I have a Cron Deamon email alerts that says the following below. How do I fix this.

[ Rootkit Hunter version 1.3.8 ]

Checking rkhunter data files...
  Checking file mirrors.dat                                  [ No update ]
  Checking file programs_bad.dat                             [ No update ]

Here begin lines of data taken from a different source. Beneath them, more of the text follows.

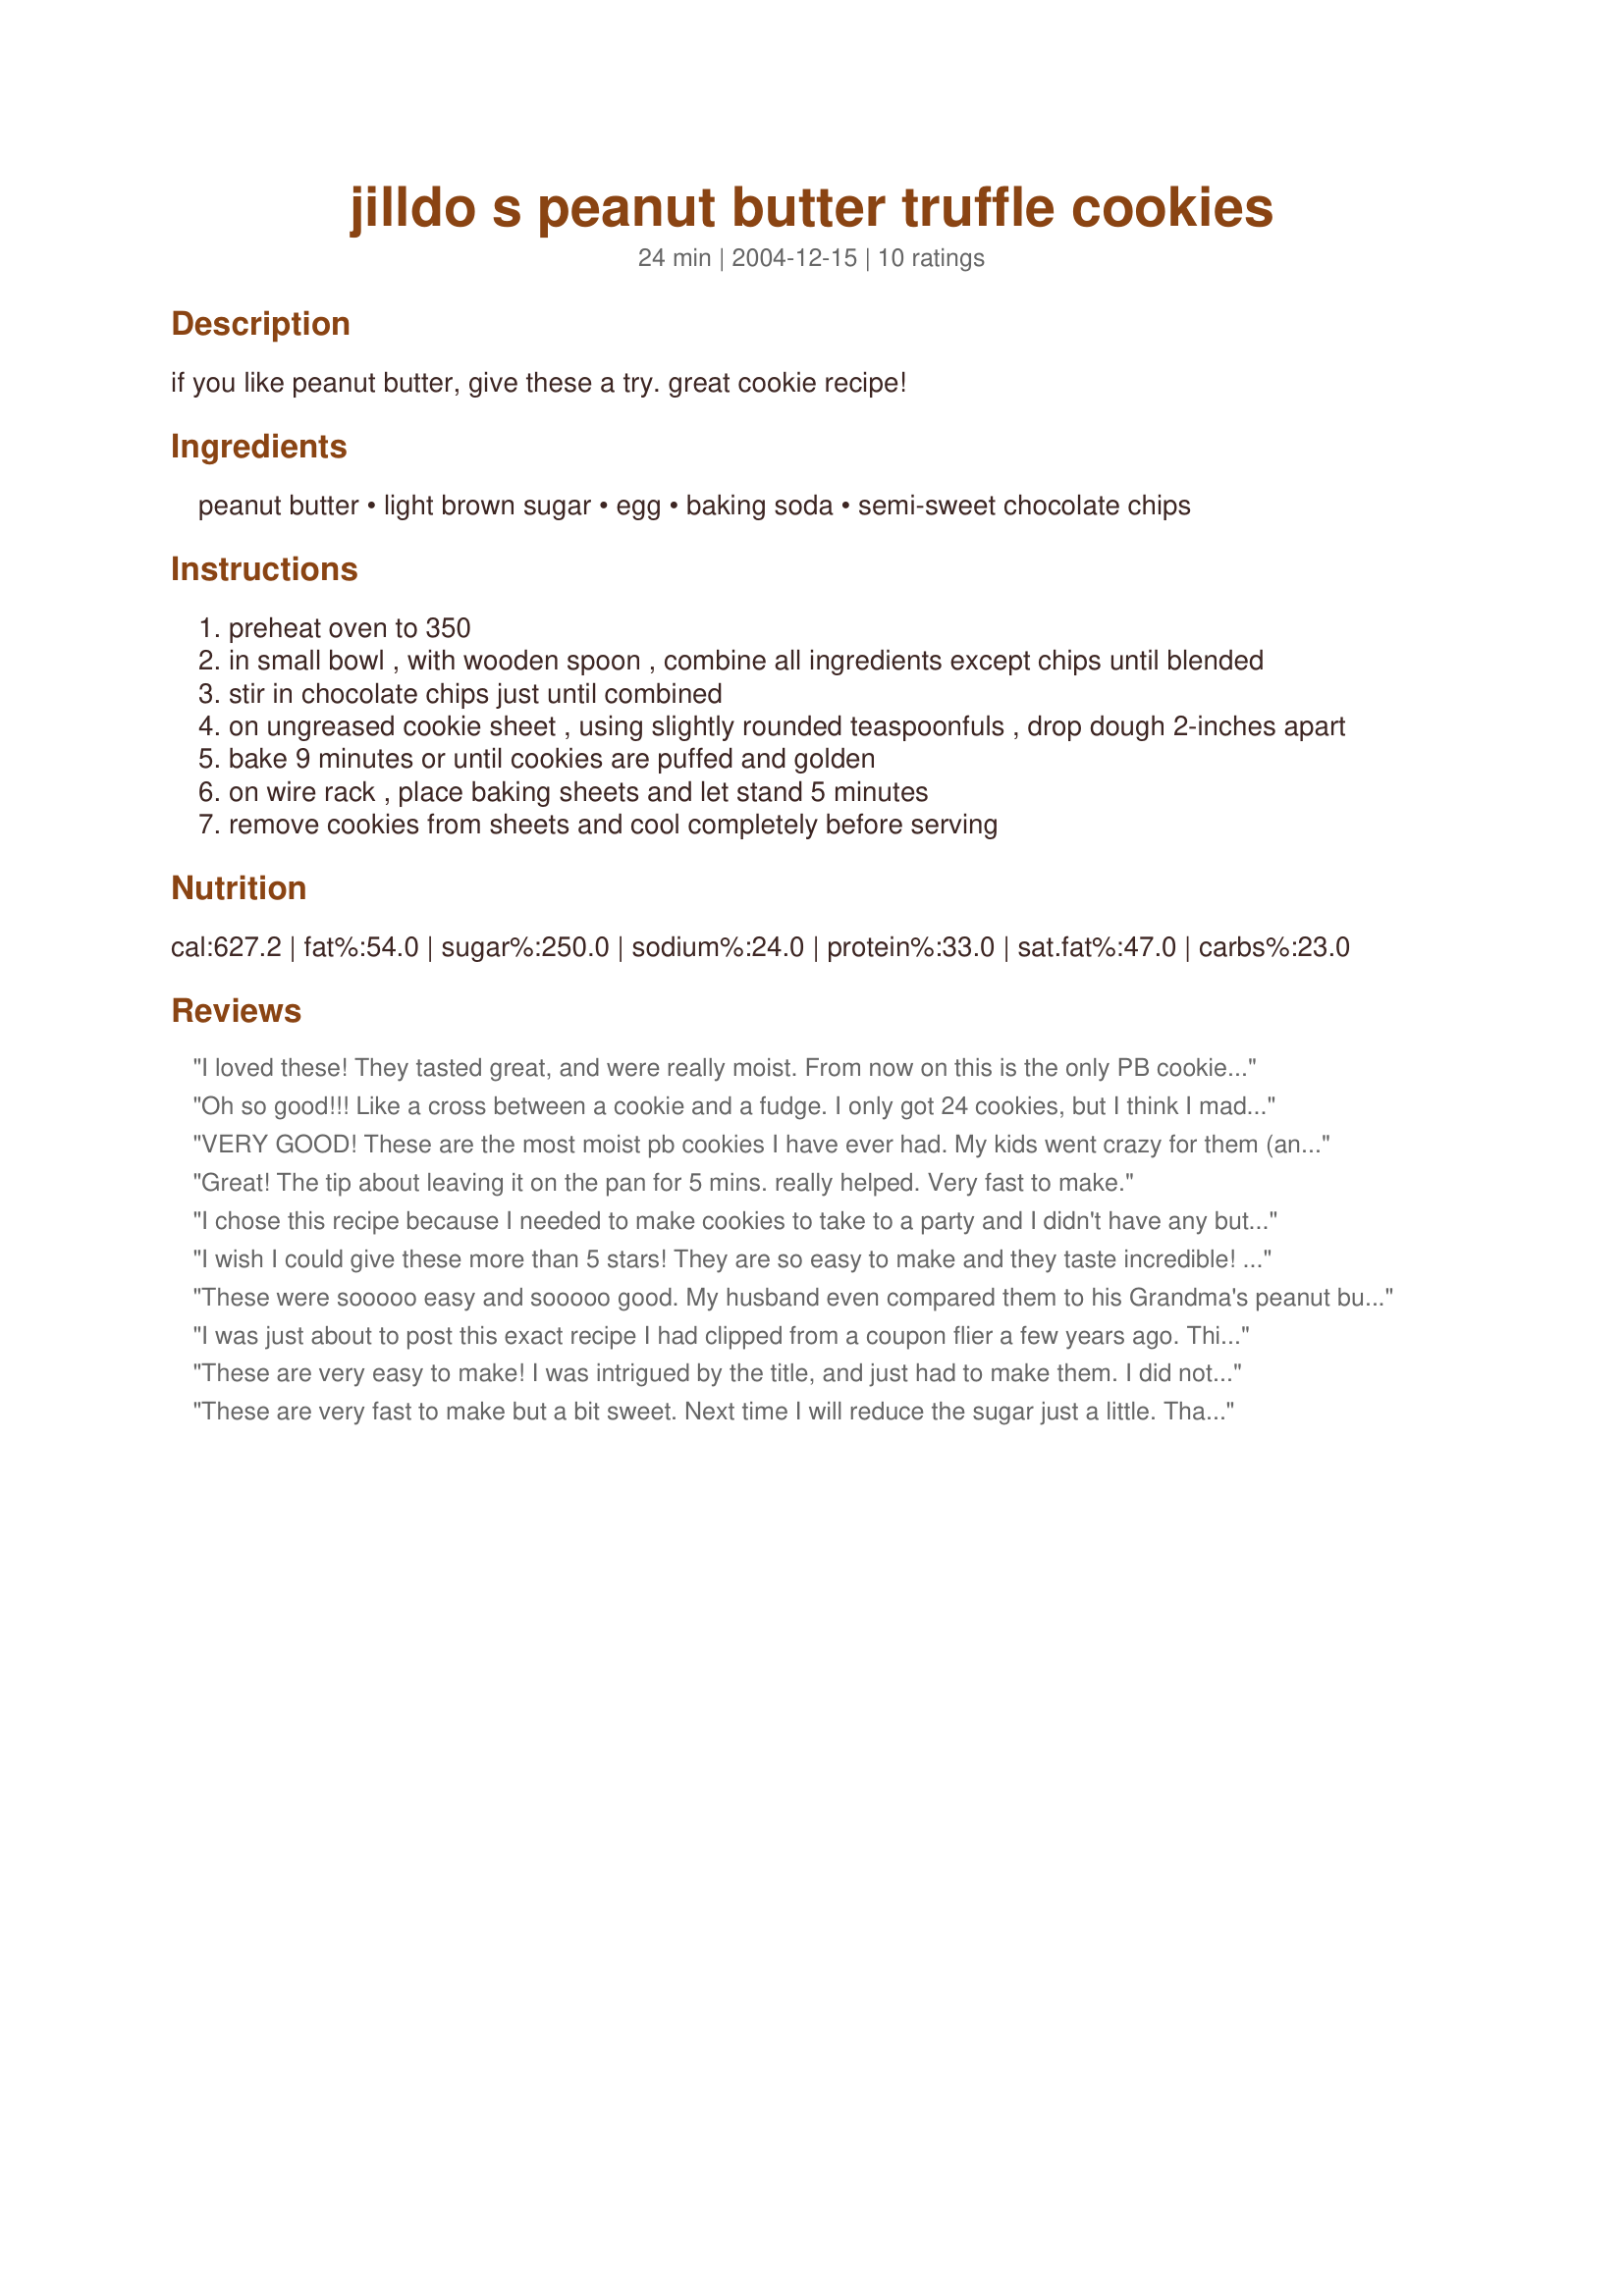
jilldo s peanut butter truffle cookies
Preparation time: 24 minutes

if you like peanut butter, give these a try. great cookie recipe!

Ingredients:
peanut butter, light brown sugar, egg, baking soda, semi-sweet chocolate chips

Steps:
preheat oven to 350
in small bowl , with wooden spoon , combine all ingredients except chips until blended
stir in chocolate chips just until combined
on ungreased cookie sheet , using slightly rounded teaspoonfuls , drop dough 2-inches apart
bake 9 minutes or until cookies are puffed and golden
on wire rack , place baking sheets and let stand 5 minutes
remove cookies from sheets and cool completely before serving

Reviews:
I loved these! They tasted great, and were really moist. From now on this is the only PB cookie I'll make. It is soooo good and sooo easy! I agree to not flatten at all on the cookie sheet because they flatten out on their own, and turn out looking great! Why use those longer ingrediant list recipes, that don't taste as peanut buttery?
Oh so good!!! Like a cross between a cookie and a fudge. I only got 24 cookies, but I think I made them a little on the large size. This was very easy!!!!
VERY GOOD! These are the most moist pb cookies I have ever had. My kids went crazy for them (and my daughter isn't such a pb fan.) I rolled the dough into balls, which I would recommend, as they flattened out quite a bit in cooking. Great recipe.
Great! The tip about leaving it on the pan for 5 mins. really helped. Very fast to make.
I chose this recipe because I needed to make cookies to take to a party and I didn't have any butter. I was surprised this recipe didn't call for flour, but they mixed up very quickly. I have other recipes I like better than this one, but when I took them to my party, the girls ate them all and 2 people asked for the recipe so I had to go with 5 stars!
I wish I could give these more than 5 stars! They are so easy to make and they taste incredible! I get RAVE reviews every time I make them! Thanks for a great recipe!
These were sooooo easy and sooooo good. My husband even compared them to his Grandma's peanut butter cookies. I can't believe they taste so good with only 5 ingredients. Thanks pinkie.
I was just about to post this exact recipe I had clipped from a coupon flier a few years ago. This one is from Skippy peanut butter and it's the same right down to the instructions. These are very very good cookies. They are a bit on the sweet side, but I prefer PB cookies sweet. Thanks Pinkie
These are very easy to make! I was intrigued by the title, and just had to make them. I did not use choc. chips, but did add 1/4 tsp. of cinnamon. I also chose to sandwich some marshmallow creme between the dough. Yum! Thanks for posting, pinkie!
These are very fast to make but a bit sweet. Next time I will reduce the sugar just a little. Thanks for the recipe
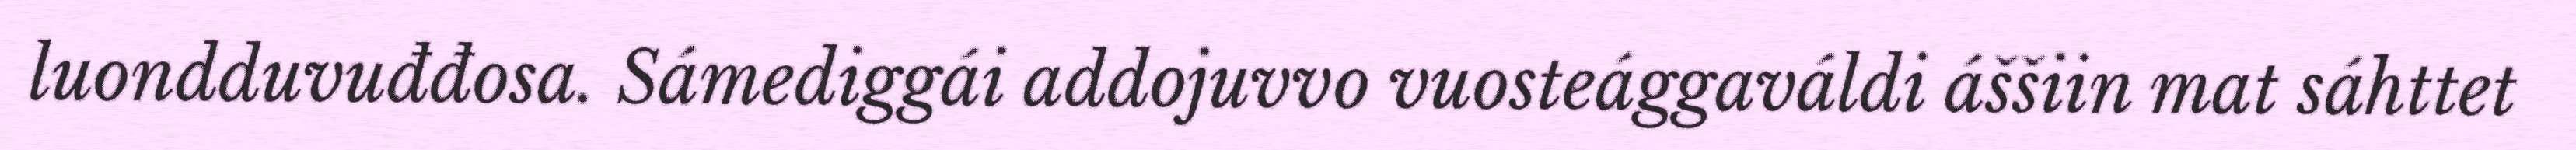
luondduvuđđosa. Sámediggái addojuvvo vuosteággaváldi áššiin mat sáhttet
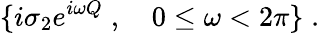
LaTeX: \{ i\sigma_{2}e^{i\omega Q}\; ,\quad 0\le\omega<2\pi\} \; .
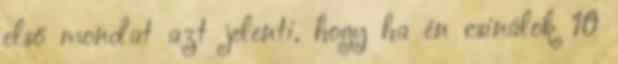
első mondat azt jelenti, hogy ha én csinálok 10
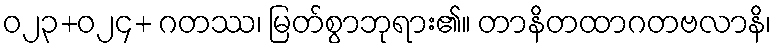
ဝ၂၃+၀၂၄+ ဂတဿ၊ မြတ်စွာဘုရား၏။ တာနိတထာဂတဗလာနိ၊
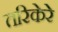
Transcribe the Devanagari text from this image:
तरिकेरे
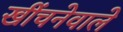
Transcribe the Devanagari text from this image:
खींचनेवाले
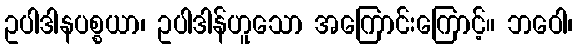
ဥပါဒါနပစ္စယာ၊ ဥပါဒါန်ဟူသော အကြောင်းကြောင့်။ ဘဝေါ၊
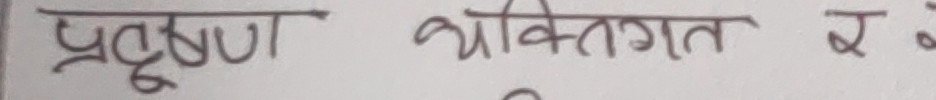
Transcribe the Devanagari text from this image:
प्रदूषण व्यक्तिगत र
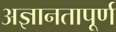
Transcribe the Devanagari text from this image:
अज्ञानतापूर्ण
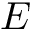
E
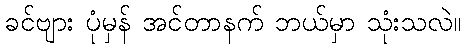
ခင်ဗျား ပုံမှန် အင်တာနက် ဘယ်မှာ သုံးသလဲ။
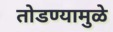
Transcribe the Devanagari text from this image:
तोडण्यामुळे
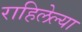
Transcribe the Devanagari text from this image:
राहिलेल्‍या
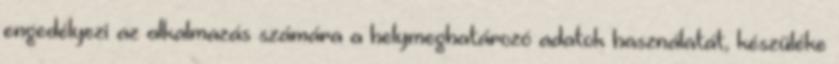
engedélyezi az alkalmazás számára a helymeghatározó adatok használatát, készüléke
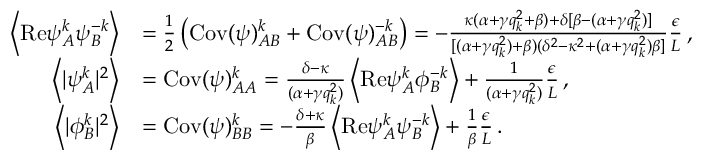
\begin{array} { r l } { \left\langle \mathrm { R e } { \psi } _ { A } ^ { k } { \psi } _ { B } ^ { - k } \right\rangle } & { = \frac { 1 } { 2 } \left( \mathrm { C o v } ( \psi ) _ { A B } ^ { k } + \mathrm { C o v } ( \psi ) _ { A B } ^ { - k } \right) = - \frac { \kappa ( \alpha + \gamma q _ { k } ^ { 2 } + \beta ) + \delta [ \beta - ( \alpha + \gamma q _ { k } ^ { 2 } ) ] } { [ ( \alpha + \gamma q _ { k } ^ { 2 } ) + \beta ) ( \delta ^ { 2 } - \kappa ^ { 2 } + ( \alpha + \gamma q _ { k } ^ { 2 } ) \beta ] } \frac { \epsilon } { L } \, , } \\ { \left\langle \vert { \psi } _ { A } ^ { k } \vert ^ { 2 } \right\rangle } & { = \mathrm { C o v } ( \psi ) _ { A A } ^ { k } = \frac { \delta - \kappa } { ( \alpha + \gamma q _ { k } ^ { 2 } ) } \left\langle \mathrm { R e } { \psi } _ { A } ^ { k } { \phi } _ { B } ^ { - k } \right\rangle + \frac { 1 } { ( \alpha + \gamma q _ { k } ^ { 2 } ) } \frac { \epsilon } { L } \, , } \\ { \left\langle \vert { \phi } _ { B } ^ { k } \vert ^ { 2 } \right\rangle } & { = \mathrm { C o v } ( \psi ) _ { B B } ^ { k } = - \frac { \delta + \kappa } { \beta } \left\langle \mathrm { R e } { \psi } _ { A } ^ { k } { \psi } _ { B } ^ { - k } \right\rangle + \frac { 1 } { \beta } \frac { \epsilon } { L } \, . } \end{array}
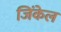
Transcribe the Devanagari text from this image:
जिंकेल
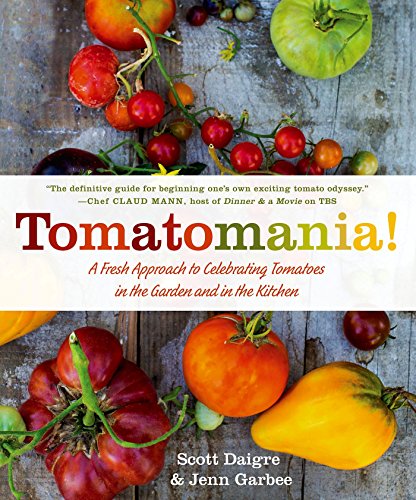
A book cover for Tomatomania!: A Fresh Approach to Celebrating Tomatoes in the Garden and in the Kitchen; Scott Daigre; Crafts, Hobbies & Home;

  Checking file backdoorports.dat                            [ No update ]
  Checking file suspscan.dat                                 [ No update ]
  Checking file i18n/cn                                      [ No update ]
  Checking file i18n/de                                      [ No update ]
  Checking file i18n/en                                      [ No update ]
  Checking file i18n/zh                                      [ No update ]
  Checking file i18n/zh.utf8                                 [ No update ]
[ Rootkit Hunter version 1.3.8 ]
File updated: searched for 164 files, found 141
Warning: The SSH configuration option 'PermitRootLogin' has not been set.
         The default value may be 'yes', to allow root access.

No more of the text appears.